--- RECORDS SHOWN Enclosed Below ---

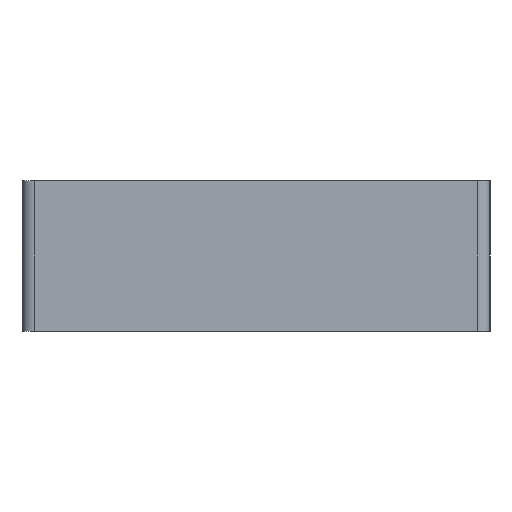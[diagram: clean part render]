
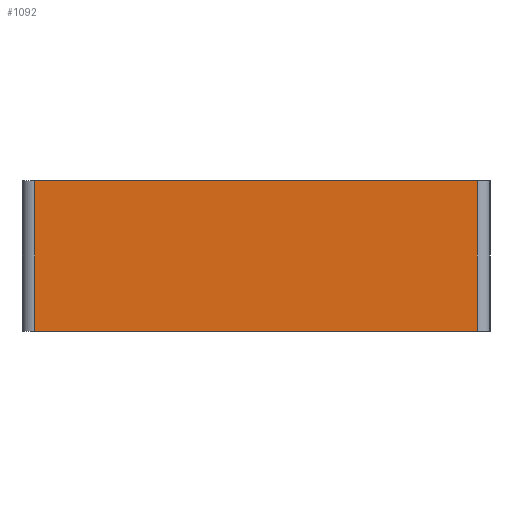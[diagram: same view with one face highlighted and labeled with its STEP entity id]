
A CAD part, left-side view. The second image highlights one B-rep face of the part: STEP entity #1092.
In plain terms, the highlighted planar face has unit normal (-1, 0, 0).
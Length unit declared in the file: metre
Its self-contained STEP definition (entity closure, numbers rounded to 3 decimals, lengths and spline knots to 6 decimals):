
#198=ORIENTED_EDGE('',*,*,#422,.T.);
#199=ORIENTED_EDGE('',*,*,#510,.T.);
#200=ORIENTED_EDGE('',*,*,#500,.F.);
#201=ORIENTED_EDGE('',*,*,#511,.T.);
#422=EDGE_CURVE('',#585,#584,#682,.T.);
#500=EDGE_CURVE('',#652,#653,#737,.T.);
#510=EDGE_CURVE('',#584,#653,#744,.T.);
#511=EDGE_CURVE('',#652,#585,#745,.F.);
#584=VERTEX_POINT('',#1633);
#585=VERTEX_POINT('',#1635);
#652=VERTEX_POINT('',#1787);
#653=VERTEX_POINT('',#1789);
#682=LINE('',#1634,#808);
#737=LINE('',#1788,#863);
#744=LINE('',#1807,#870);
#745=LINE('',#1808,#871);
#808=VECTOR('',#1296,1.);
#863=VECTOR('',#1413,1.);
#870=VECTOR('',#1430,1.);
#871=VECTOR('',#1431,1.);
#928=EDGE_LOOP('',(#198,#199,#200,#201));
#992=FACE_BOUND('',#928,.T.);
#1051=PLANE('',#1200);
#1092=ADVANCED_FACE('',(#992),#1051,.T.);
#1200=AXIS2_PLACEMENT_3D('',#1806,#1428,#1429);
#1296=DIRECTION('',(0.,-1.,0.));
#1413=DIRECTION('',(0.,-1.,0.));
#1428=DIRECTION('',(-1.,0.,0.));
#1429=DIRECTION('',(0.,0.,1.));
#1430=DIRECTION('',(0.,0.,1.));
#1431=DIRECTION('',(0.,0.,1.));
#1633=CARTESIAN_POINT('',(-0.16425,-0.04675,-0.03));
#1634=CARTESIAN_POINT('',(-0.16425,0.,-0.03));
#1635=CARTESIAN_POINT('',(-0.16425,0.04175,-0.03));
#1787=CARTESIAN_POINT('',(-0.16425,0.04175,0.));
#1788=CARTESIAN_POINT('',(-0.16425,0.,0.));
#1789=CARTESIAN_POINT('',(-0.16425,-0.04675,0.));
#1806=CARTESIAN_POINT('',(-0.16425,0.,-0.03));
#1807=CARTESIAN_POINT('',(-0.16425,-0.04675,-0.03));
#1808=CARTESIAN_POINT('',(-0.16425,0.04175,-0.03));
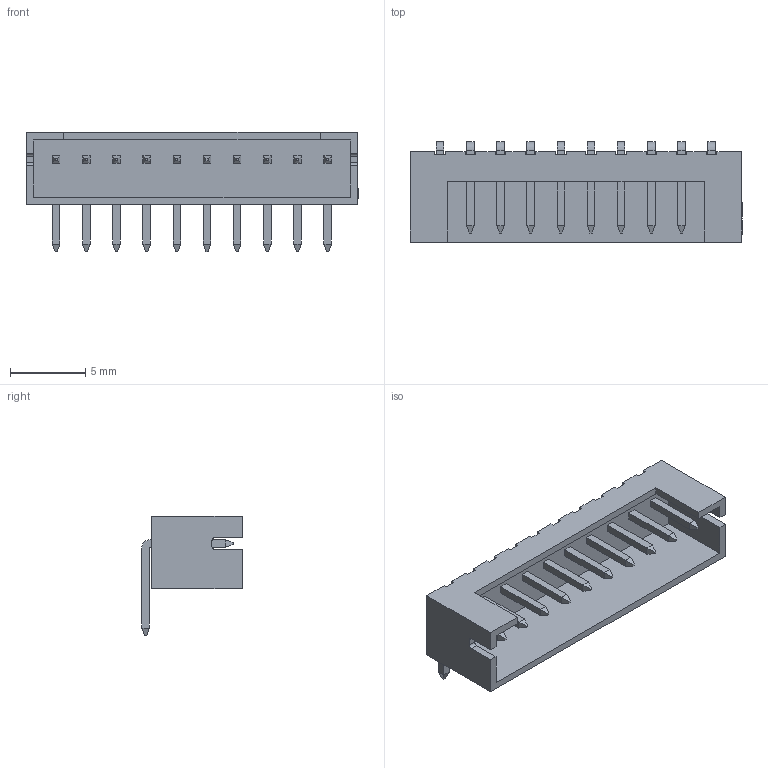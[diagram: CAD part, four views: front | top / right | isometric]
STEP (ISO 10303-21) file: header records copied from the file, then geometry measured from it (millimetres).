
FILE_DESCRIPTION (( 'STEP AP214' ), '1' );
FILE_NAME ('CONN-TH_10P-P2.00_HCTL_PH-10AW.STEP', '2022-06-14T08:36:14', ( 'PC' ), ( 'Microsoft' ), 'SwSTEP 2.0', 'SolidWorks 2020', '' );
FILE_SCHEMA (( 'AUTOMOTIVE_DESIGN' ));
Length unit declared in the file: millimetre
Products named in the file (1): CONN-TH_10P-P2.00_HCTL_PH-10AW
Bounding box: 22.01 x 6.65 x 7.9 mm (x, y, z)
Volume: 233.8 mm3; surface area: 857.3 mm2
Topology: 1 solids, 1 shells, 510 faces, 1327 edges, 858 vertices
Faces by surface type: plane 388, bspline 98, cylinder 24
Entity records: 21475 total; most frequent: CARTESIAN_POINT 4002, ORIENTED_EDGE 2654, DIRECTION 2001, EDGE_CURVE 1327, VECTOR 1079, LINE 1079, VERTEX_POINT 858, EDGE_LOOP 549
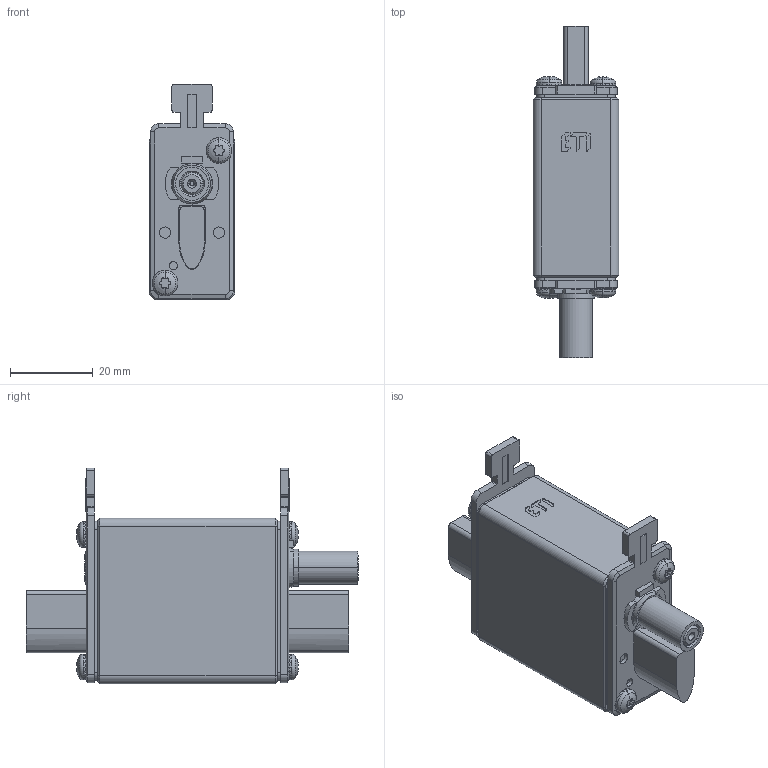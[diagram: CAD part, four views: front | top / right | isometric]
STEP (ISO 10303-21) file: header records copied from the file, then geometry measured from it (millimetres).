
FILE_DESCRIPTION((''),'2;1');
FILE_NAME('0000069297_ASM','2021-08-11T',('said.beganovic'),('Audax d.o.o.'),'CREO PARAMETRIC BY PTC INC, 2017020','CREO PARAMETRIC BY PTC INC, 2017020','');
FILE_SCHEMA(('AUTOMOTIVE_DESIGN { 1 0 10303 214 1 1 1 1 }'));
Length unit declared in the file: millimetre
Products named in the file (15): 0000042694; 0000042717; 0000011382; 0000011390; 0000031297; 0000059170; 0000059169; 0000059173_ASM; 0000059168; 0000059165_ASM; 0000024921; 0000024901; 0000024859; 0000011599; 0000069297_ASM
Assembly tree (19 placements, depth 3):
  0000069297_ASM
    0000042694
    0000042717  x2
    0000011382
    0000011390
    0000031297  x4
    0000059173_ASM
      0000059170
      0000059169
    0000059165_ASM
      0000059168
      0000059169
    0000024921
    0000024901
    0000024859
    0000011599
Bounding box: 20.7 x 80.2 x 52 mm (x, y, z)
Volume: 44307 mm3; surface area: 20037.7 mm2
Topology: 17 solids, 29 shells, 942 faces, 2346 edges, 1470 vertices
Faces by surface type: plane 415, cylinder 409, cone 56, torus 44, bspline 10, sphere 8
Entity records: 32065 total; most frequent: CARTESIAN_POINT 3797, DIRECTION 3460, ORIENTED_EDGE 3092, PRESENTATION_STYLE_ASSIGNMENT 2215, STYLED_ITEM 2164, CURVE_STYLE 1564, EDGE_CURVE 1564, AXIS2_PLACEMENT_3D 1290
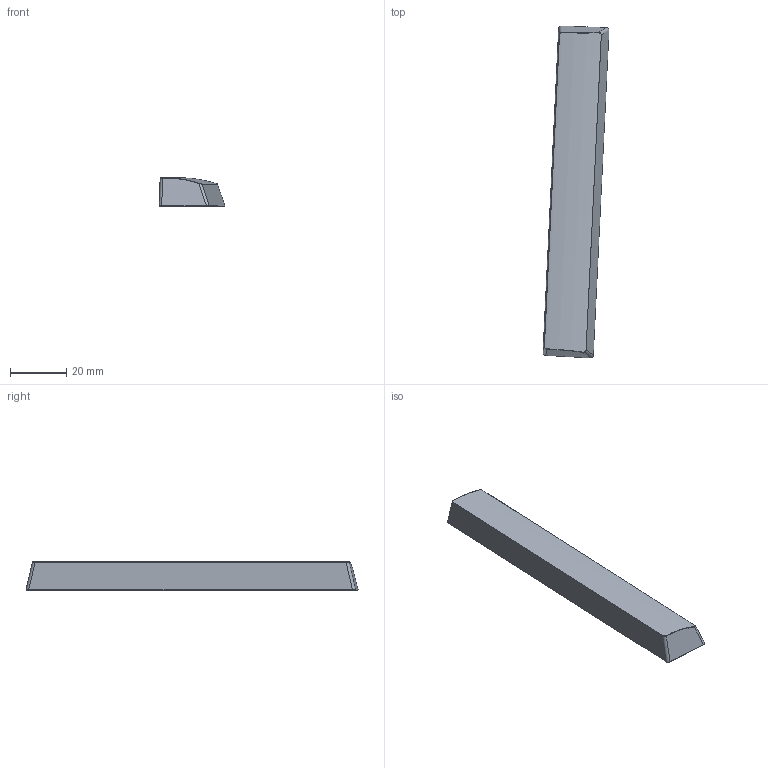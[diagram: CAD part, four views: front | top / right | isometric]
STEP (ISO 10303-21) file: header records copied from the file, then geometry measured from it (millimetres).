
FILE_DESCRIPTION(('CATIA V5 STEP Exchange'),'2;1');
FILE_NAME('Spacebar.stp','2019-05-19T12:09:08+00:00',('none'),('none'),'CATIA Version 5 Release 20 GA (IN-10)','CATIA V5 STEP AP203','none');
FILE_SCHEMA(('CONFIG_CONTROL_DESIGN'));
Length unit declared in the file: millimetre
Products named in the file (62): Keycap Full Assembly; 1u - Z - Assembly; 1u - X - Assembly; 1u - V - Assembly; 1u - C -Assembly; 1u - B - Assembly; 1u - M - Assembly; 1u - N - Assembly; 2.25u - Left Shift - Assembly; 2.75u - Right Shift - Assembly; 1u - (left triangle bracket) - Assembly; 1u - (right triangle bracket) - Assembly; 1u - (Question Mark) - Assembly; 1u - Up Arrow - Assembly; 1u - Down Arrow - Assembly; 1u - Left Arrow - Assembly; 1u - Right Arrow - Assembly; 1.75u - Caps Lock - Assembly; 1u - A - Assembly; 2.25u - Enter - Assembly; 1u - ' - Assembly; 1u - ; - Assembly; 1u - D - Assembly; 1u - F - Assembly; 1u - G - Assembly; 1u - H - Assembly; 1u - J - Assembly; 1u - K - Assembly; 1u - L - Assembly; 1u - S - Assembly; 1.25u - Code - Assembly; 1.25u - Ctrl - Assembly; 1.5u - Backslash - Assembly; 1.5u - Tab -  Assembly; 1u - [ - Assembly; 1u - ] - Assembly; 1u - E - Assembly; 1u - I - Assembly; 1u - O - Assembly; 1u - P - Assembly ...
Assembly tree (185 placements, depth 3):
  Keycap Full Assembly
    1u - Z - Assembly
      #66
      #89
    1u - X - Assembly
      #133
      #156
    1u - V - Assembly
      #200
      #223
    1u - C -Assembly
      #267
      #290
    1u - B - Assembly
      #334
      #357
    1u - M - Assembly
      #401
      #424
    1u - N - Assembly
      #468
      #491
    2.25u - Left Shift - Assembly
      #535
      #558
    2.75u - Right Shift - Assembly
      #602
      #625
    1u - (left triangle bracket) - Assembly
      #669
      #692
    1u - (right triangle bracket) - Assembly
      #736
      #759
    1u - (Question Mark) - Assembly
      #803
      #826
    1u - Up Arrow - Assembly
      #870
      #893
    1u - Down Arrow - Assembly
      #937
      #960
    1u - Left Arrow - Assembly
      #1004
      #1027
    1u - Right Arrow - Assembly
      #1071
      #1094
    1.75u - Caps Lock - Assembly
      #1138
      #1161
    1u - A - Assembly
      #1205
      #1228
    2.25u - Enter - Assembly
      #1272
      #1295
    1u - ; - Assembly
      #1406
Bounding box: 23.53 x 118.4 x 10.13 mm (x, y, z)
Volume: 17826.5 mm3; surface area: 6260 mm2
Topology: 1 solids, 1 shells, 26 faces, 56 edges, 32 vertices
Faces by surface type: cylinder 11, bspline 10, plane 5
Entity records: 5296 total; most frequent: CARTESIAN_POINT 1393, DIRECTION 804, AXIS2_PLACEMENT_3D 396, PRODUCT_DEFINITION_SHAPE 370, UNCERTAINTY_MEASURE_WITH_UNIT 187, ITEM_DEFINED_TRANSFORMATION 186, CONTEXT_DEPENDENT_SHAPE_REPRESENTATION 186, NEXT_ASSEMBLY_USAGE_OCCURRENCE 186
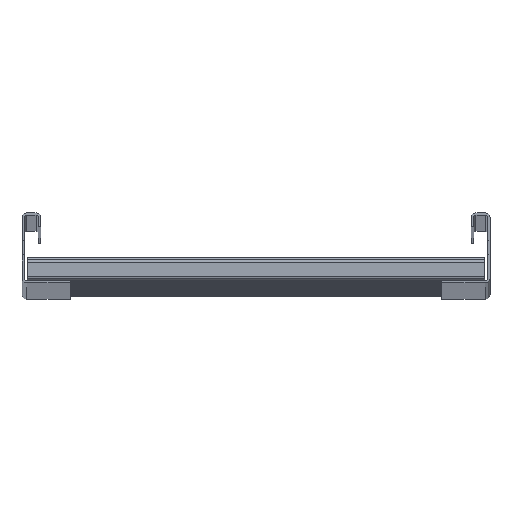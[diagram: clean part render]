
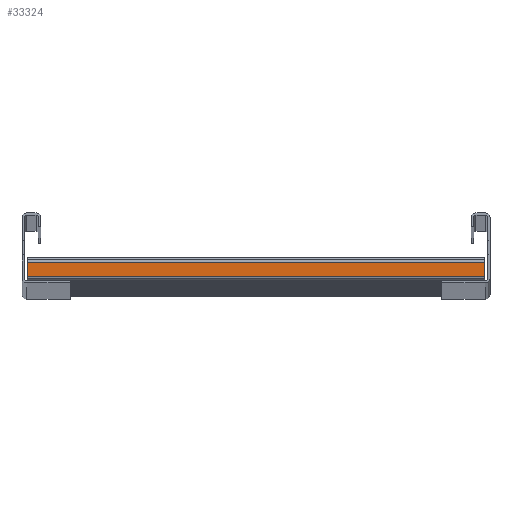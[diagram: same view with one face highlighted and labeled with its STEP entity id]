
A CAD part, top view. The second image highlights one B-rep face of the part: STEP entity #33324.
In plain terms, the highlighted planar face has unit normal (0, 0, 1).
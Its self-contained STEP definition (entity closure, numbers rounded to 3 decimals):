
#7021=DIRECTION('',(1.,0.,0.));
#7022=VECTOR('',#7021,293.);
#7023=CARTESIAN_POINT('',(-146.5,-18.,2865.));
#7024=LINE('',#7023,#7022);
#7100=DIRECTION('',(0.,-1.,0.));
#7101=VECTOR('',#7100,9.);
#7102=CARTESIAN_POINT('',(-146.5,-9.,2865.));
#7103=LINE('',#7102,#7101);
#7122=DIRECTION('',(0.,-1.,0.));
#7123=VECTOR('',#7122,9.);
#7124=CARTESIAN_POINT('',(146.5,-9.,2865.));
#7125=LINE('',#7124,#7123);
#7201=DIRECTION('',(1.,0.,0.));
#7202=VECTOR('',#7201,293.);
#7203=CARTESIAN_POINT('',(-146.5,-9.,2865.));
#7204=LINE('',#7203,#7202);
#17757=CARTESIAN_POINT('',(-146.5,-9.,2865.));
#17758=CARTESIAN_POINT('',(-146.5,-18.,2865.));
#17759=VERTEX_POINT('',#17757);
#17760=VERTEX_POINT('',#17758);
#17793=CARTESIAN_POINT('',(146.5,-9.,2865.));
#17794=CARTESIAN_POINT('',(146.5,-18.,2865.));
#17795=VERTEX_POINT('',#17793);
#17796=VERTEX_POINT('',#17794);
#33312=CARTESIAN_POINT('',(-146.5,-9.,2865.));
#33313=DIRECTION('',(0.,0.,1.));
#33314=DIRECTION('',(0.,-1.,0.));
#33315=AXIS2_PLACEMENT_3D('',#33312,#33313,#33314);
#33316=PLANE('',#33315);
#33317=ORIENTED_EDGE('',*,*,#33232,.F.);
#33319=ORIENTED_EDGE('',*,*,#33318,.T.);
#33320=ORIENTED_EDGE('',*,*,#33273,.T.);
#33321=ORIENTED_EDGE('',*,*,#33182,.F.);
#33322=EDGE_LOOP('',(#33317,#33319,#33320,#33321));
#33323=FACE_OUTER_BOUND('',#33322,.F.);
#33324=ADVANCED_FACE('',(#33323),#33316,.T.);
#33182=EDGE_CURVE('',#17760,#17796,#7024,.T.);
#33232=EDGE_CURVE('',#17759,#17760,#7103,.T.);
#33273=EDGE_CURVE('',#17795,#17796,#7125,.T.);
#33318=EDGE_CURVE('',#17759,#17795,#7204,.T.);

--- End of Enclosed RECORDS SHOWN ---

» **PROBLEM TO WORK ON**: All that should be written out is the stretch of lines above between the one holding "#870=VECTOR('',#1430,1.);" and the one holding "#1633=CARTESIAN_POINT('',(-0.16425,-0.04675,-0.03));", inclusive, exactly as given.

» **REPLY**:
#870=VECTOR('',#1430,1.);
#871=VECTOR('',#1431,1.);
#928=EDGE_LOOP('',(#198,#199,#200,#201));
#992=FACE_BOUND('',#928,.T.);
#1051=PLANE('',#1200);
#1092=ADVANCED_FACE('',(#992),#1051,.T.);
#1200=AXIS2_PLACEMENT_3D('',#1806,#1428,#1429);
#1296=DIRECTION('',(0.,-1.,0.));
#1413=DIRECTION('',(0.,-1.,0.));
#1428=DIRECTION('',(-1.,0.,0.));
#1429=DIRECTION('',(0.,0.,1.));
#1430=DIRECTION('',(0.,0.,1.));
#1431=DIRECTION('',(0.,0.,1.));
#1633=CARTESIAN_POINT('',(-0.16425,-0.04675,-0.03));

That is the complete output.